The main considerations when designing this formula are: 1) And the center point of the interactive frame is on the connecting line of the center points of the person and the object. 2) When the object is far smaller than the human body, the interactive frame covers the object completely and covers the human body partially. 3) When the object is much larger than the person, the opposite is true. In light of the above considerations, the formula for these factors is designed as follows:

x _a ＝Ratio _L *x _o +(1-Ratio _L )*x _h

y _a ＝Ratio _L *y _o +(1-Ratio _L )*y _h

w _a ＝Ratio _s *min(w _h ，w _o )+(1-Ratio _s )*max(w _h ，w _o )

h _a ＝Ratio _s *min(h _h ，h _o )+(1-Ratio _s )*max(h _h ，h _o )

wherein (w) _h ，h _h )、(w _o ，h _o ) The width and height of the human frame and the object frame respectively (x) _h ，y _h )、(x _o ，y _o ) Represents the center points of the human and the object, respectively, (w) _a ，h _a )、(x _a ，y _a ) Information representing the interactive box. Ratio (R) _L Representing a scale factor, ratio, of the coordinates of the center point _S Representing the area scale factor.

and (3) calculating the position of the interactive frame through the formula in the step (3) according to the positions of the people and the objects, giving the corresponding interactive category to the interactive frame, and inputting the interactive frame into an interactive detection branch as a special target.

Adding an interactive frame detection head structure in the yaml configuration file, setting the channel dimension of the extracted feature vector to be (nh + 5) × 3, and setting nh to represent the number of types of interactive actions, namely 117;5=4+1: and 4 represents four parameters required for determining the interactive frame, namely a central point coordinate parameter and a width and height parameter, and 1 represents a confidence level for detecting whether an interactive relationship exists or not. The detection procedure followed the method of YOLOv 5.

In the step 4, the HOI relationship pairing is performed, which comprises the following steps:

pairwise people and objects in the basic target detection result are processed according to the interaction frame generation formula to obtain the interaction frame judge _ bbox to be judged _ai (x _ai ，y _ai ，w _ai ，h _ai ) Wherein i is 1-M, and M is the number of the pairwise combination and pairing of the human and the object.
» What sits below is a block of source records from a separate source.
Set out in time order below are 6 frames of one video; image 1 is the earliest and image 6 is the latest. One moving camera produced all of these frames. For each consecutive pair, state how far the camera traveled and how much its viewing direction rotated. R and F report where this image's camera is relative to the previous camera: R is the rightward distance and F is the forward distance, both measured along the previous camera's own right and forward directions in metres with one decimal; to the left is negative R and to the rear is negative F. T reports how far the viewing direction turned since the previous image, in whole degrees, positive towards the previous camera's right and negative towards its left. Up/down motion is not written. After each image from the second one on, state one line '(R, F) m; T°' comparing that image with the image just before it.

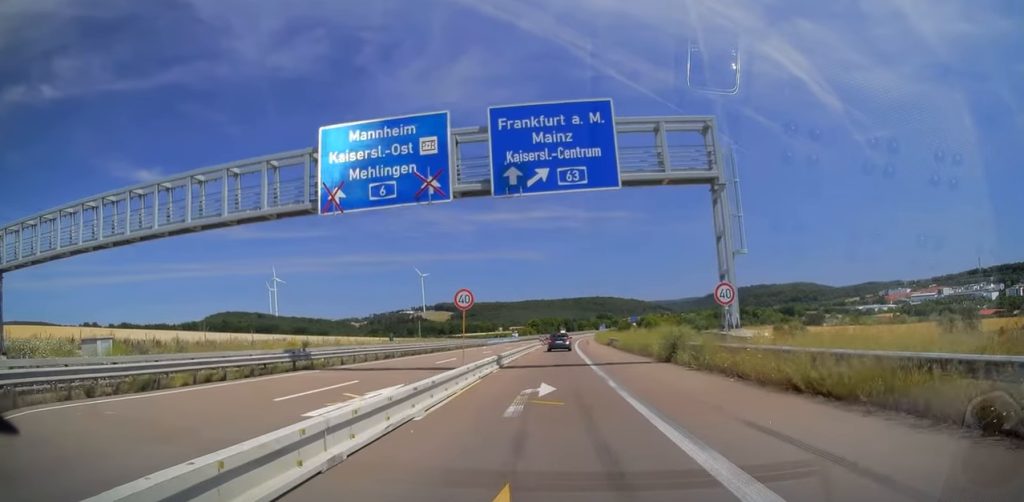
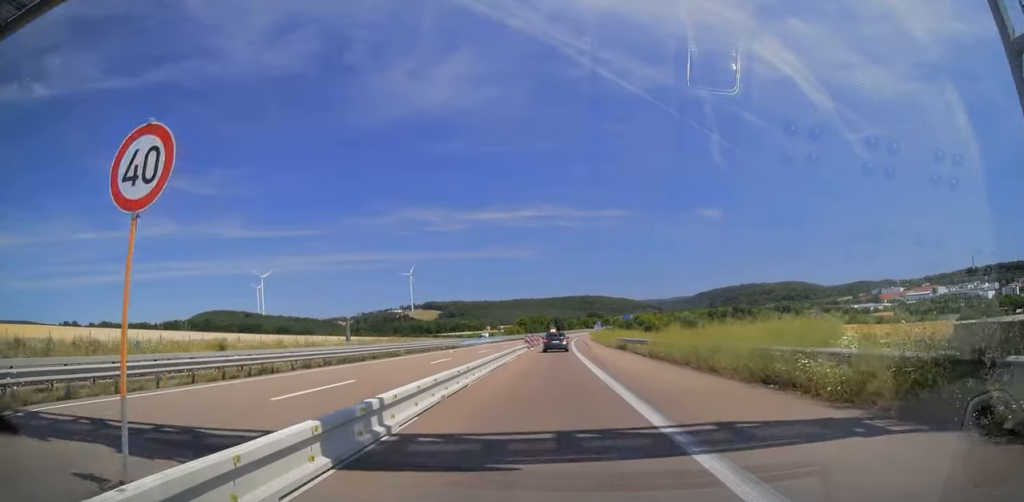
(+0.5, +18.6) m; +3°
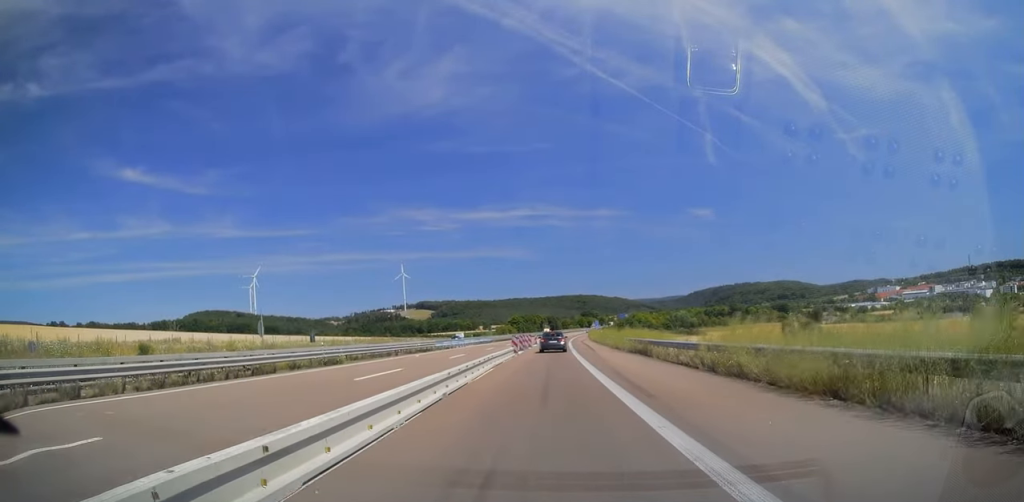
(+0.3, +12.4) m; +1°
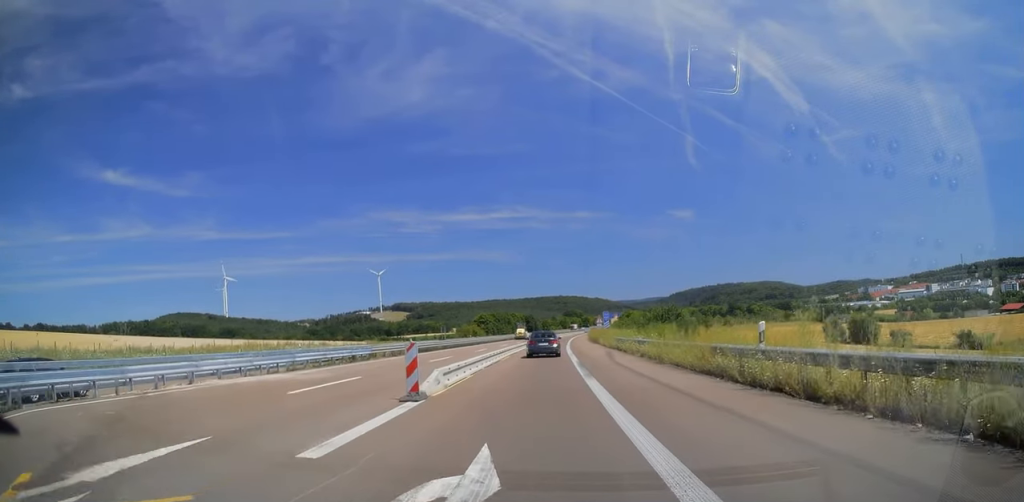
(-0.2, +59.8) m; 0°
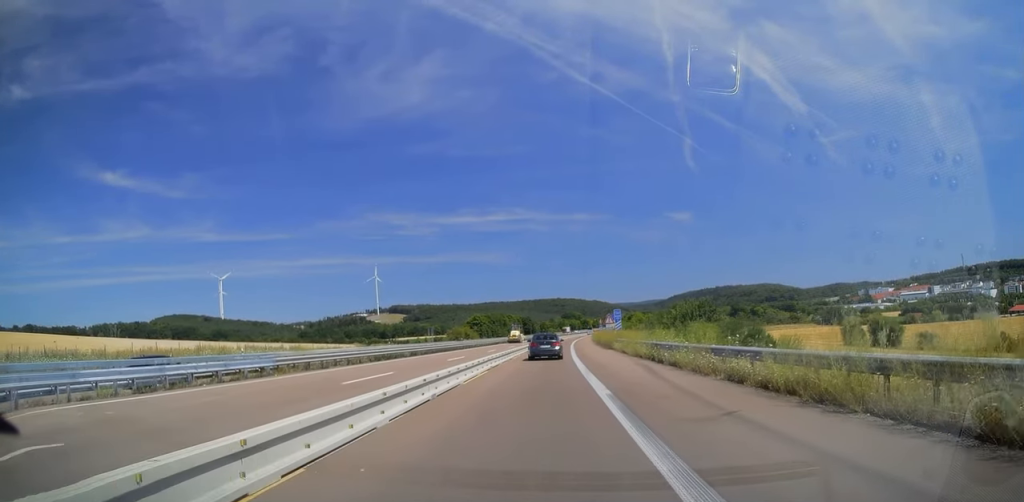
(+0.4, +14.7) m; +2°
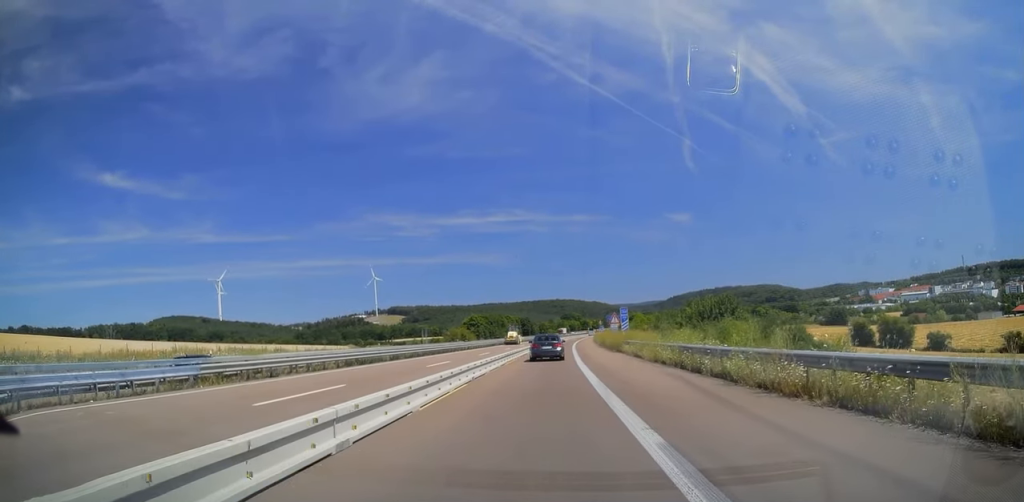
(0.0, +6.1) m; 0°
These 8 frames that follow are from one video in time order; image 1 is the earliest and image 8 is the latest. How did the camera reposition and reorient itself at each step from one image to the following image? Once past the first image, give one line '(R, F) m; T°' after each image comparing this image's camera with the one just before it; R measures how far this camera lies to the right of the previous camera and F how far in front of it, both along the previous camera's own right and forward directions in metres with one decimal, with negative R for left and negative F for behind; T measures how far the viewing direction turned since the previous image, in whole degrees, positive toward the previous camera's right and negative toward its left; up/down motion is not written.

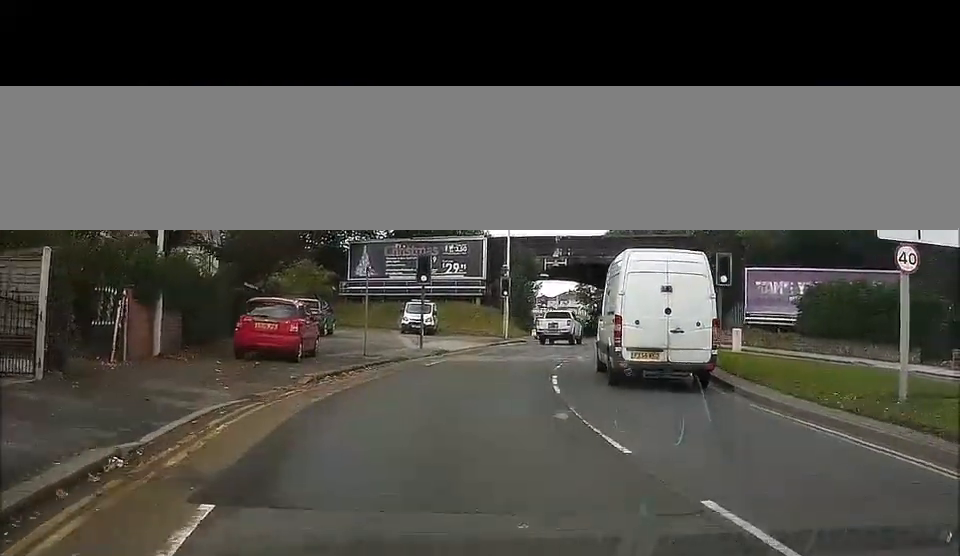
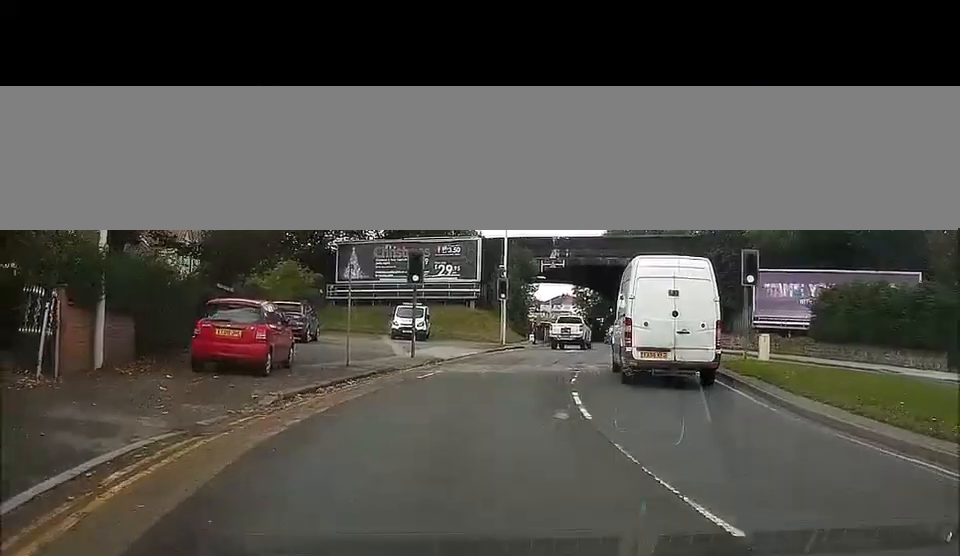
(0.0, +2.7) m; +2°
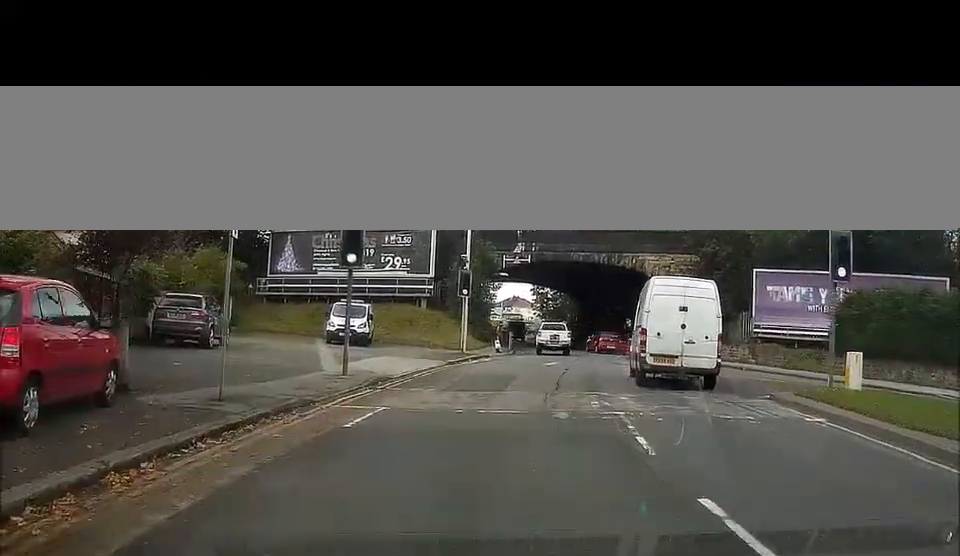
(+0.4, +6.6) m; +5°
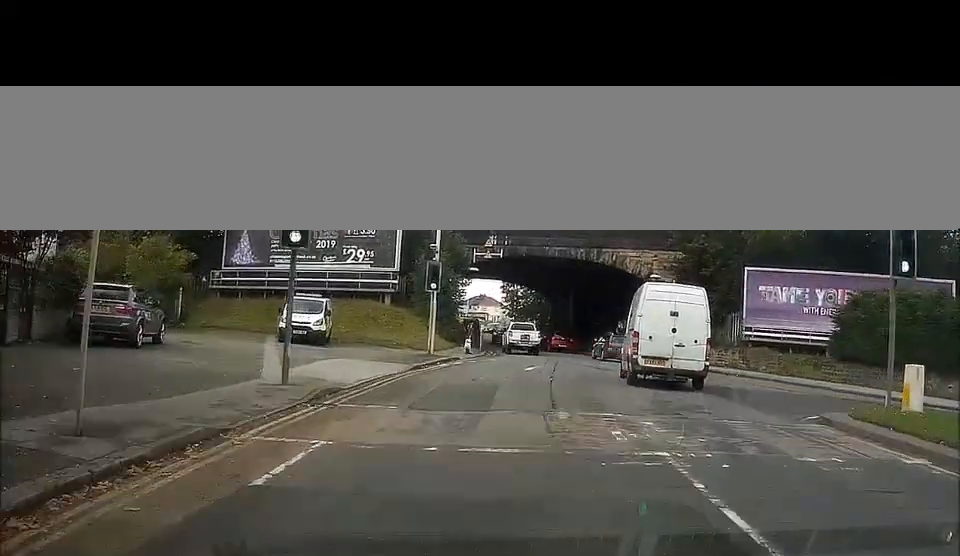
(0.0, +3.2) m; +1°
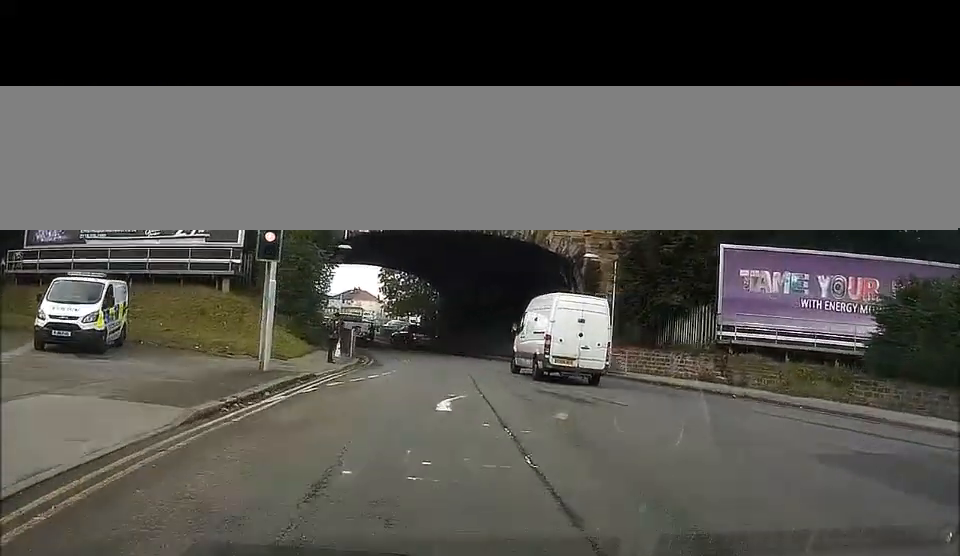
(+0.4, +13.6) m; +6°
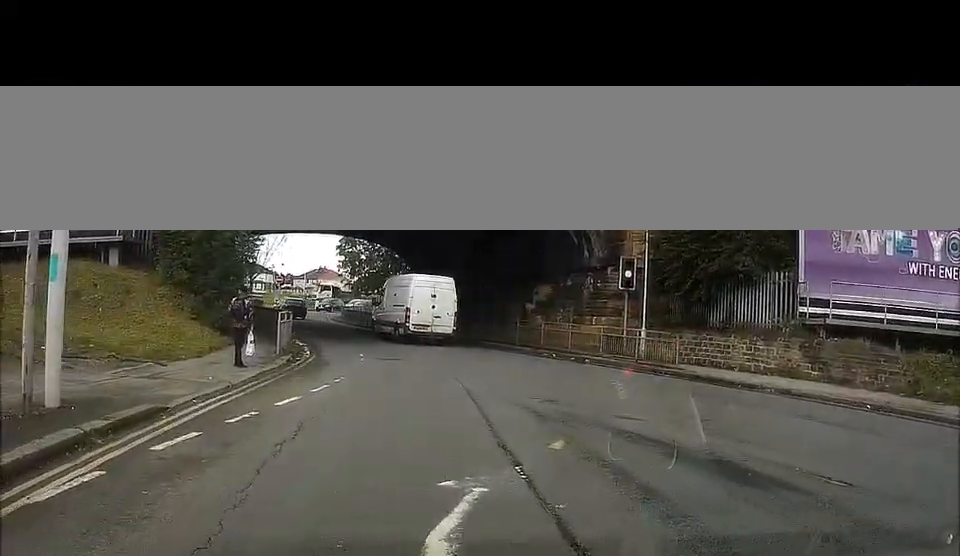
(+0.5, +10.6) m; +5°
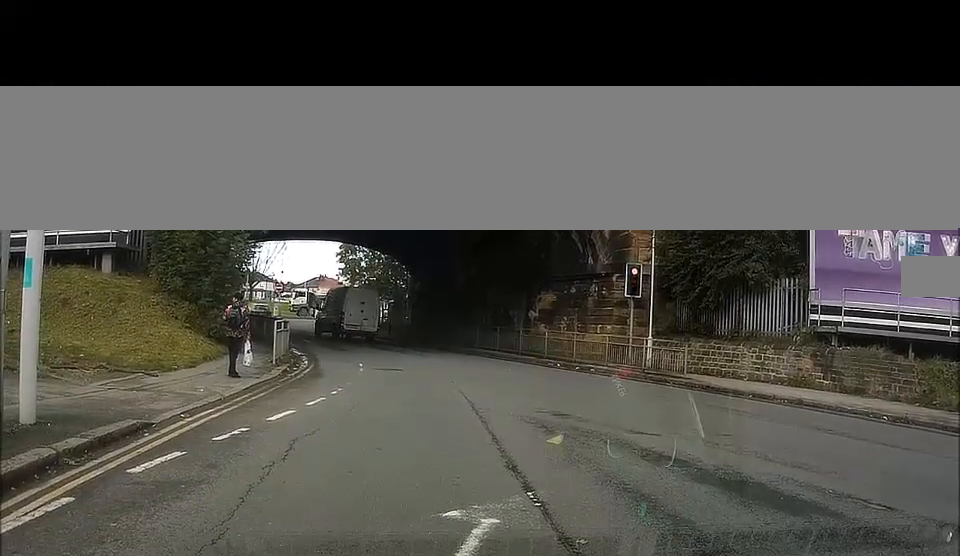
(+0.2, +2.9) m; +1°
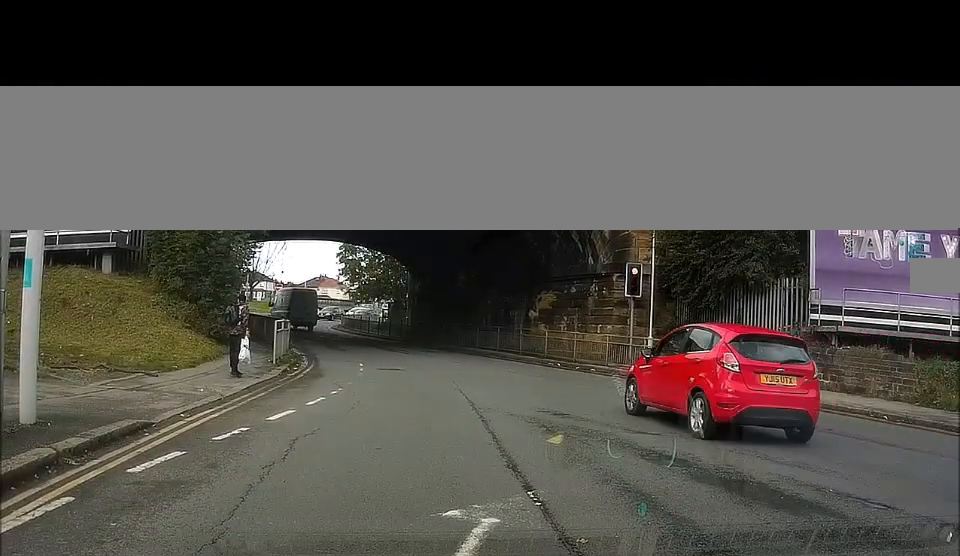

Predicting the interaction Box as Presct _ bbox _aj (x _aj ，y _aj ，w _aj ，h _aj ) Where j belongs to 1-N, N being the number of predicted interaction boxes. Calculating all interaction frames to be judged and predicting interactionIntersection ratio between frames IoU, i.e.:

where area (predict _ bbox) represents a region of the prediction box, and area (judge _ bbox) represents a region of the prediction box. Interactive frame prediction _ bbox for each prediction _aj Selecting the largest interactive frame to be judged, namely judge _ bbox, which is reserved for IoU _ai And considering that the interaction relationship exists between the people and the object of the interaction frame to be judged generated by the formula in the step 2, and endowing the predicted interaction frame with the action type of the interaction frame to obtain an interaction relationship predicted value.

In summary, we want to detect the HOI relationships faster to accommodate some time-critical scenarios. In consideration of the rapid detection advantage of the target detection algorithm YOLO, we apply the method to HOI detection and propose our YOLOHOI model. This solution differs from the general HOI detection approach in that it treats the core problem of HOI detection as a dual target detection task and focuses on detecting the interaction area of each person pair. We treat the interaction region as a special object and therefore the model has the capability to detect this special object of the interaction region. In addition to proposing a model, we also devise a formula for generating an interaction box. To demonstrate that yollosoi is effective, we performed experiments on three scale sizes. Training in the HOI-A dataset uses a cosine annealing learning rate. The detection accuracy is improved with the increase of the convolution layer number, but when the network scale is larger, the improvement effect of the increase of the convolution layer number on the accuracy is less obvious. The highest value of mAP is 57.58%, the corresponding average reasoning time is only 21.67ms, the speed exceeds the existing model, the accuracy exceeds part of the traditional two-stage model, but a certain gap exists between the traditional two-stage model and the optimal model of the accuracy, and the YOLO algorithm is not very serious in the aspect of detection precision.

TABLE 1 training results for three different size networks

TABLE 2 comparison of Performance with other models

/>

Claims

1. A character interaction detection method based on YOLOv5 is characterized by comprising the following operation steps:

step 1: inputting an original picture and extracting picture characteristics;

and step 3: the target detection branch outputs object related information;

and 4, step 4: the interaction detection branch outputs the relevant information of the interaction frame;

and 5: HOI relationship pairing is carried out through two branch results;

in the step 1, the input picture has three channels, the picture input size is 512, and the dual-branch target detection shares features extracted by the backbone network.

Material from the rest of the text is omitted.